Astutamente, alimentaba el crédito que,
más que generosamente, me otorgaba mi padre por mis presuntas habilidades
técnicas. Y aunque el Campeón tardó todavía unos cuantos años en ser arrumbado
en un rincón del pajar, donde, por cierto, lo he visto esta misma mañana, yo
intentaba, en cuanto surgía la ocasión, facilitar al máximo, hacerla amigable
que diríamos ahora, el acercamiento de la técnica a mi padre. Y viceversa. De
Tokio le traje un afilador eléctrico, marca Toshiba, pero él se empeñó en
seguir afilando los cuchillos de la matanza con el pedernal que siempre usó
para amolar la guadaña.
En otro viaje, le aporté un abrelatas
imantado que giraba sobre sí mismo con extrema facilidad y abría, en un abrir
de ojos, las panderetas de aguja en escabeche que tanto le gustan para
almorzar. No hay manera. Sigue usando un viejo cuchillo mellado que apenas
corta, pero a modo de cizalla, casi por la fuerza bruta, se las apaña para
destaparlas. Cuando en España no existían las desbrozadoras portátiles
eléctricas, lo más complicado no fue acomodarla en la maleta sino convencer al
quisquilloso aduanero de Barajas, le traje una para desbrozar la maleza de las
linderas en la huerta. Un día la usó y ahí sigue, metida en su reluciente caja
con extraños caracteres japoneses.
Hace un par de años, ya le cuesta
demasiado cimbrear la cintura con la fuerza suficiente como para mover con
agilidad la guadaña, le regalé un cortacésped, un modelo sencillo, para segar
la hierba del patio. Enchufar al alargador y hacerla rodar por el jardín, casi
un robot. Ahí sigue en su caja de cartón reciclado de Leroy Merlin.

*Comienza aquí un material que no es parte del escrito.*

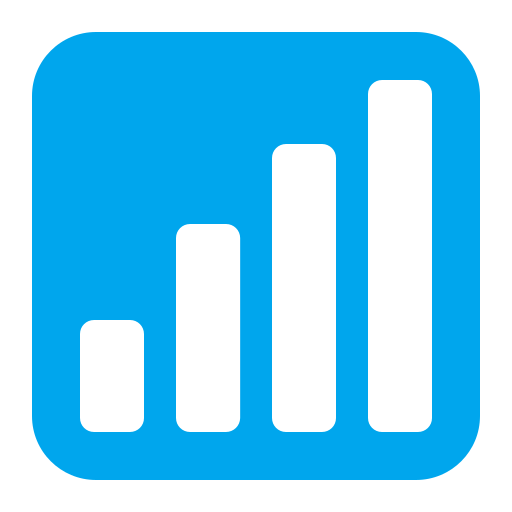
antenna bars flat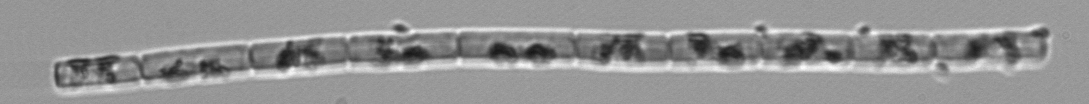
Label: Guinardia_delicatula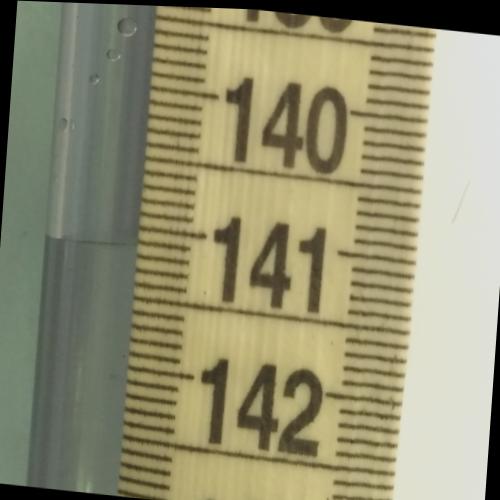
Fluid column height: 141.1 cm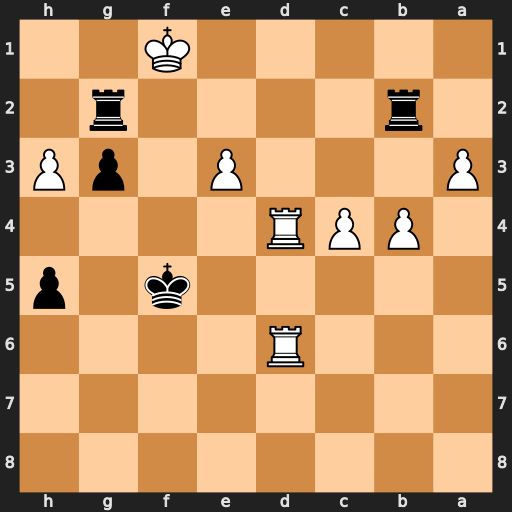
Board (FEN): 8/8/3R4/5k1p/1PPR4/P3P1pP/1r4r1/5K2
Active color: b
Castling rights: -
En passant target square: -
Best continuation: Rbf2+ Ke1 Rg1#
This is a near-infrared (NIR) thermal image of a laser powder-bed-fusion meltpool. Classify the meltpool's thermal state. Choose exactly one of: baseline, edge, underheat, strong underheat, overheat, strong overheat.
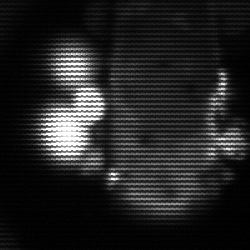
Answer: strong underheat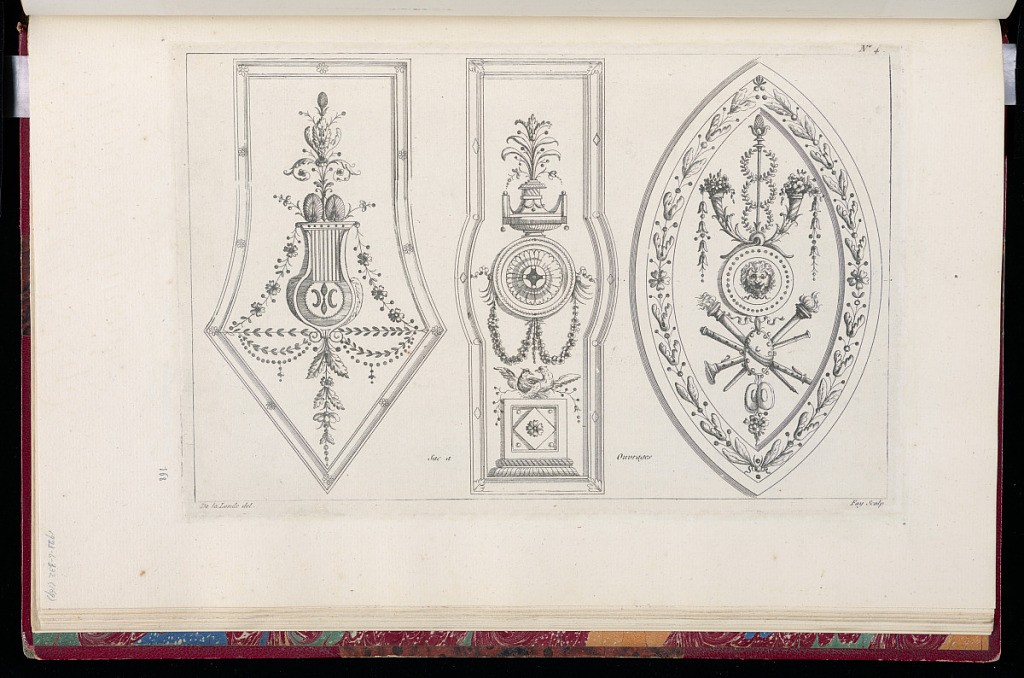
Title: Designs for Ornament
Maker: Richard de Lalonde, French, active 1780–96
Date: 1780-1789
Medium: Etching on off-white laid paper
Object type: Print
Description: Designs for ornament bound within borders, and featuring motifs including garland, pinecone, palmettes, rosettes, birds, torches, mascarons, cornucopia, and branches. The plate is signed and numbered.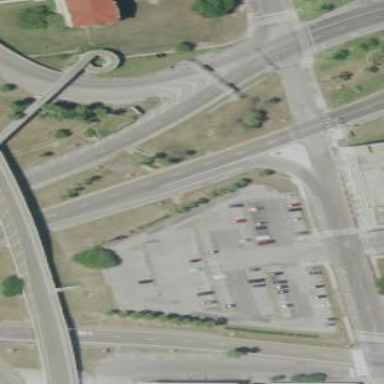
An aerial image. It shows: Paved parking area.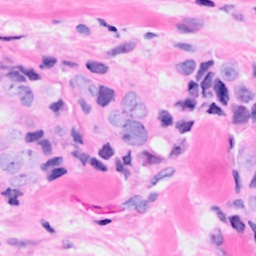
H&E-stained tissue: Breast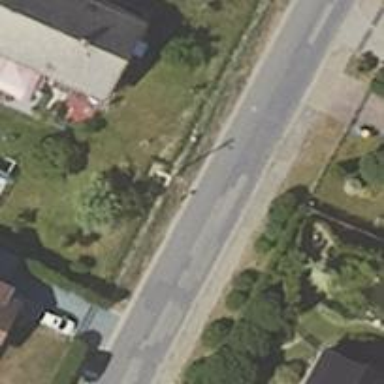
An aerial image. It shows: Asphalt road in residential area.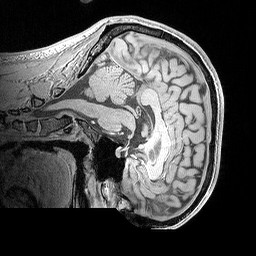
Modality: MP2RAGE
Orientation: sagittal
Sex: male
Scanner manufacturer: siemens
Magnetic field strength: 3 T
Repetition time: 5 s
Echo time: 0.00292 s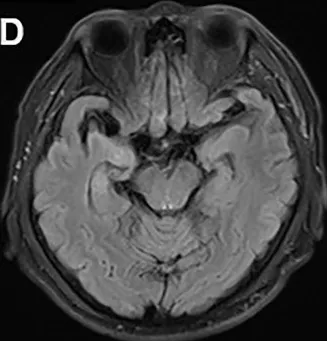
Cranial MRI in Case 1. FLAIR. Sequences. With.
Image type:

Así que no me extraña que cuando se
levanta por la mañana y advierte que estoy trabajando con un instrumento tan
extravagante como el iPad, pulsando la pantalla con los dedos, en un teclado
virtual, y dando órdenes al Siri incorpóreo, alojado en un servidor de Dakota
del Norte, murmura con recelo los buenos días. Cierra con temor reverencial la
puerta del cuarto de estar y sale al patio. Hemos recorrido un largo camino
desde la bujía del Campeón, pero, para él, tan enigmática e impenetrable le
resultaba entonces la Bosh engrasada del motor de riego como ahora el sistema
iOs 9.2.1 de Apple.
Leo como Tim Cook se niega a ceder los
entresijos de su sistema operativo al FBI. Desde la ventana observo a mi padre,
sobre el fondo de la tapia de adobe, mientras aplica, con serenidad y paciencia,
el dalle, sosegadamente, sobre la hierba del jardín. Inventado ya por los
escitas en el 500 a de C, al norte del Mar Caspio. Supongo que, a los 91 años, el
vértigo y las prisas de los progresos técnicos de la humanidad, incluidos
aquellos a los que uno nunca se ha encaramado, sólo representan vagas memorias
que apenas existieron. Ni el pasado, mucho menos el futuro, te acucian con el
sello de las urgencias o la modernidad. Desde luego, no a mi padre.